If those hubs omit manifests/provenance, they don’t just add risk—they set the norm.

3) Lightweight audits are a strong stabilizer

Adding a small audit rate (random checks of adopters) meaningfully increases norm strength and compliance, even under adversarial pressure, reducing incident rates.

Interpretation: you don’t need perfect enforcement. You need credible detection plus feedback loops that increase the local cost of noncompliance.

4) Provenance fails “silently” without strong norms

In the model, provenance validity is not only about emitting signatures; it is about refusing forged chains.

If safety norms are weak, actors accept forged provenance at high rates when exposed.

Interpretation: provenance is a socio-technical system. Cryptography helps, but if users routinely click through warnings, provenance becomes theater.

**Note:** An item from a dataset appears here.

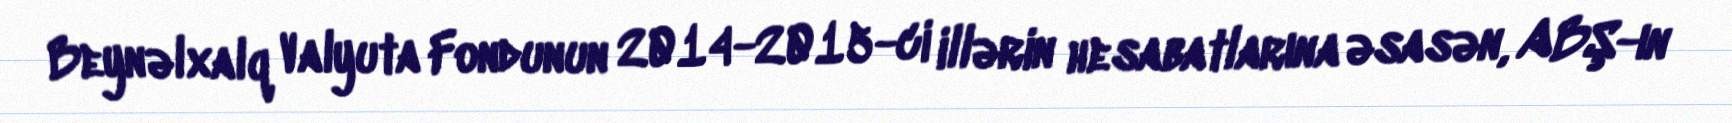
Beynəlxalq Valyuta Fondunun 2014-2015-ci illərin hesabatlarına əsasən, ABŞ-ın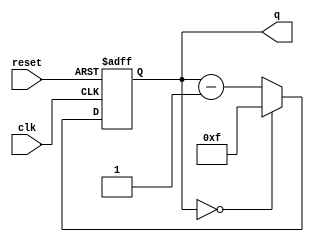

What this suggests for real systems

Make manifests/provenance default-on and low-friction.
Aim for “safe by construction” pipelines where manifest generation is automatic.
Treat “turning off provenance” like disabling seatbelts: possible, but costly and visible.
Defend the hubs.
Curate and harden the top templates/repos.
Add provenance checks to package managers, agent registries, and framework defaults.
Add small-but-real enforcement.
Periodic audits, automated policy checks, and incident postmortems that update norms.
Measure what matters.
Adoption rate alone is the wrong KPI.
Track compliance, provenance validity, and incident rates (plus leading indicators like bypass attempts).

Limitations / next steps

This is intentionally simple. A better model would:

separate individual vs institutional norms
include heterogeneous roles (operators, security teams, vendors)
model multiple competing toolchains (safe vs unsafe) with explicit switching costs
include “shadow usage” (unreported agents)
represent provenance as a graph of artifacts with verification policies

If you want to play with it, start with Params in sim/norm_diffusion.py and sweep:

manifest_friction, default_on_manifest_bonus
adv_seed_frac, adv_target
audit_rate

Reproducing the figures

From the repo root:

./venv/bin/pip install numpy matplotlib networkx
./venv/bin/python sim/make_plots.py

If you’re building agent systems and want to pressure-test your permissioning and provenance design against “realistic laziness + realistic attackers”, this is the kind of model worth keeping in your toolbox.